Un autre exercice systémique s’est offert à moi lors d’un séminaire avec Wolfgang Deusser, constellateur en Allemagne, dans le cadre de ma formation pour devenir constellatrice à l’école Hellinger. Il fallait choisir entre un événement passé et un événement futur, que deux personnes allaient représenter. J’ai choisi la césarienne et l’accouchement naturel.

Il a fallu donc que je me dirige pas à pas vers la personne qui désignait la césarienne qui était à quelques mètres devant moi, que j’établisse un lien avec elle par le regard, puis ressentir un mouvement s’emparer naturellement de moi, m’emportant et me poussant vers elle, jusqu’à pouvoir l’enlacer et intégrer sa présence profondément accueillante. La personne était bienveillante envers moi, énormément de force maternelle émanait d’elle. Elle semblait très grande, très vieille aussi, très sage. Je l’ai remerciée de toute mon âme et cœur.

Puis est venu pour moi le moment idéal de me séparer de son aura bienfaitrice. Ce geste anodin semble simple, pourtant il m’a fallu plusieurs minutes pour m’éloigner d’elle, pour sentir en moi son amplitude sans ressentir la tristesse de la quitter.

JPuis en me retournant de l’autre côté, j’aperçois « l’accouchement naturel » qui était représenté par un homme, très grand, très robuste, très viril et très jeune. Au fur et à mesure que je m’approchais de lui, une force incroyable me traversait. Marchant pas à pas vers lui, je sentais une énergie de confiance, de sécurité, de bonheur, de fierté. Puis toute proche, ses mains se sont posées sur mes épaules et me transmettaient un message clair à l’intérieur de moi qui disait :« oui, la voie est libre pour devenir une championne ». Je sentais que cela réveillait en moi cette double force, féminine et masculine, celle qui a donné naissance à tant d’êtres humains.

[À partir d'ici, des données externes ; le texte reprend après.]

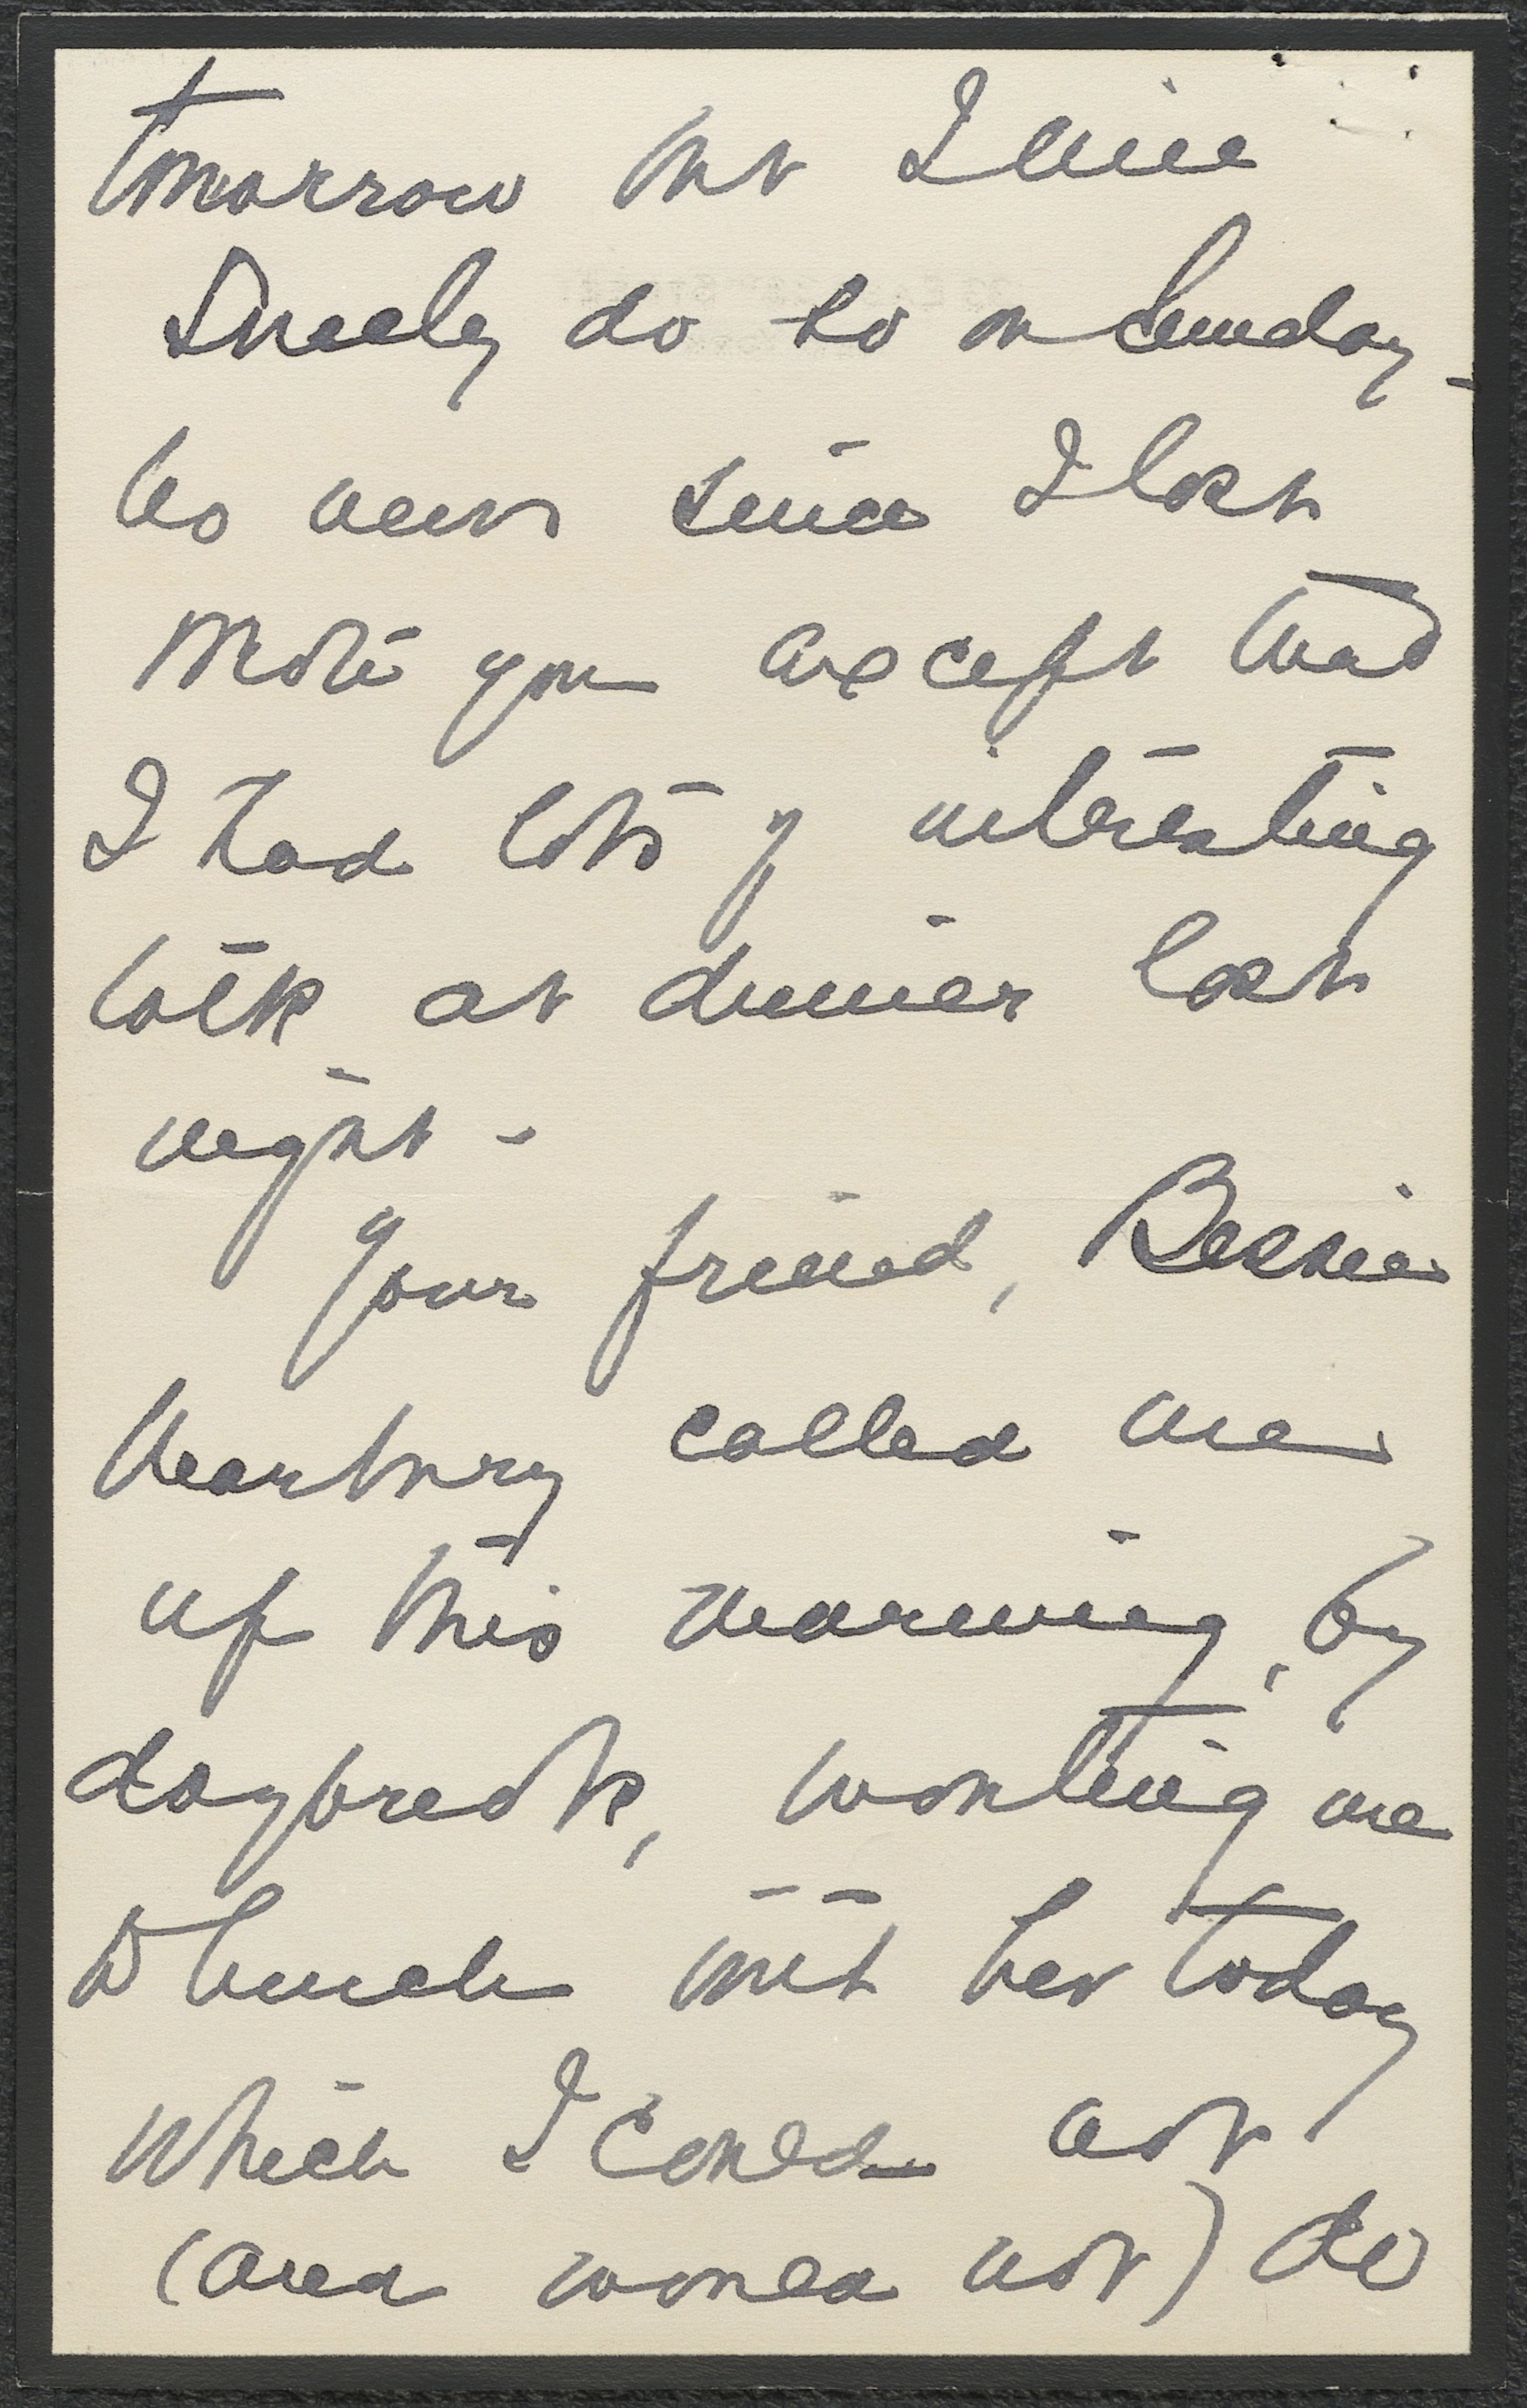tomorrow but I will surely do so on Sunday – No news since I last wrote you except that I had lots of interesting talk at dinner last night –
Your friend, Bessie Marbury called me up this morning, by daybreak, wanting me to lunch with her today which I could not (and would not) do
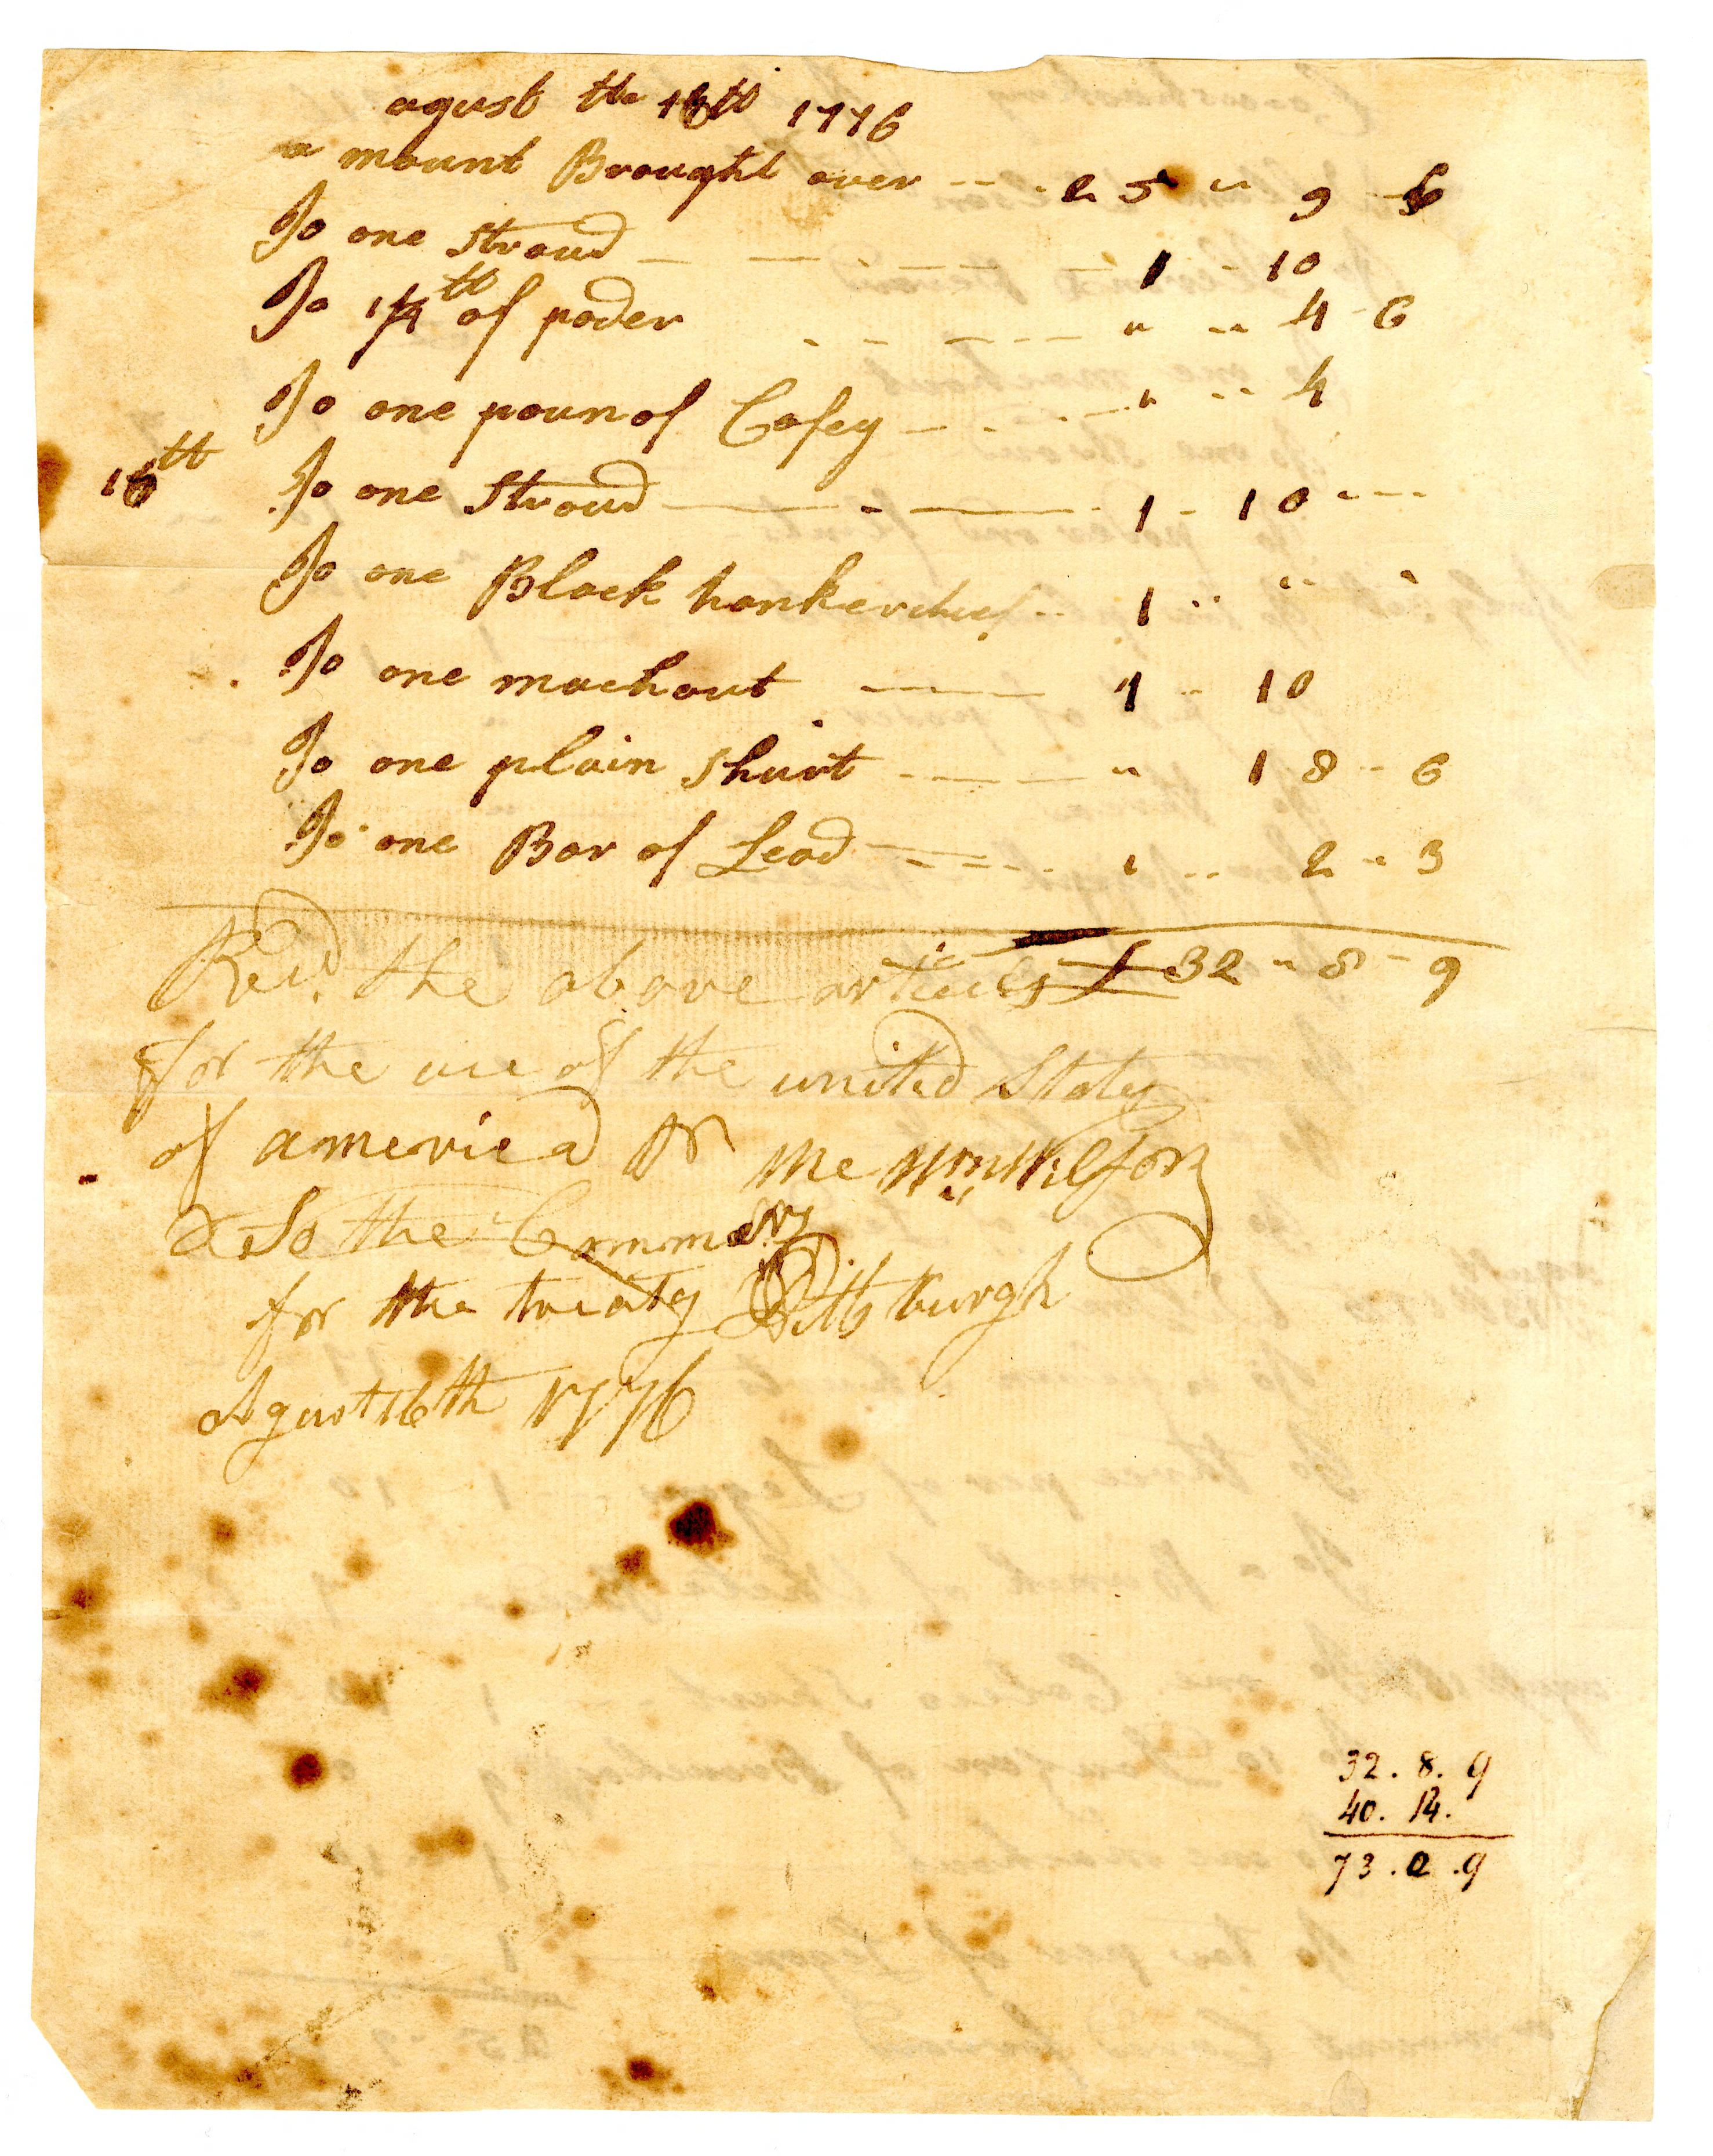agust the 19th 1776
a mount Brought over
To one stroud
To 1/4 ^lb of poder
To one poun of Cofey
16^th
To one Stroud
To one Black hankerchief
To one machout
To one plain shurt
To one Bar of Lead
25 - 9 - 6
1 - 10
- - 4 - 6
- 4
1 - 10
1
1 - 10
- 18 - 6
- - 2 - 3
32 - 8 - 9
Rec^d the above articles
for the use of the united States
of america & M^r W^m Wilson
So the Comm^rs
for the treaty
Pittsburgh
Agust 16th 1776
32.8.9
40. 14.
73.0.9

Dans un élan de gratitude, me voilà sortie de l’exercice avec un grand respect, celui envers chaque femme qui a porté, qui porte ou qui portera un jour ou l’autre le mystère entier de la Vie en elle.

 

Les femmes décédées en couche dans le système familial.

Durant le même séminaire, une ultime constellation a dévoilé que de nombreuses femmes dans mon système familial étaient mortes allongées sur le sol. J’étaismoi-même enceinte, au milieu d’une dizaine de corps, toutes pleurant leur bébé perdu. En leur disant : « je suis des vôtres, je suis comme vous, je vous vois, je sens votre douleur, je sens votre tristesse », j’étais en lien avec chacun d’elles. J’étais très troublée, je me sentais très proche de toutes ces femmes, sanglotant à chaudes larmes à terre, accablée par la tristesse, même mortes.

Le besoin de caresser doucement et lentement les mains de quelques-unes s’établit, puis d’un élan libérateur je me relève et fais un grand pas en arrière. Ce pas décisif sera très important, il me permettra de sortir de cette dynamique appartenant au passé. Il m’offrira le bonheur de renaître à mon état de mère et de donner la vie à travers la sagesse de mon propre corps de femme, avec dans mon cœur, toutes celles qui ont laissé leur vie en donnant la Vie.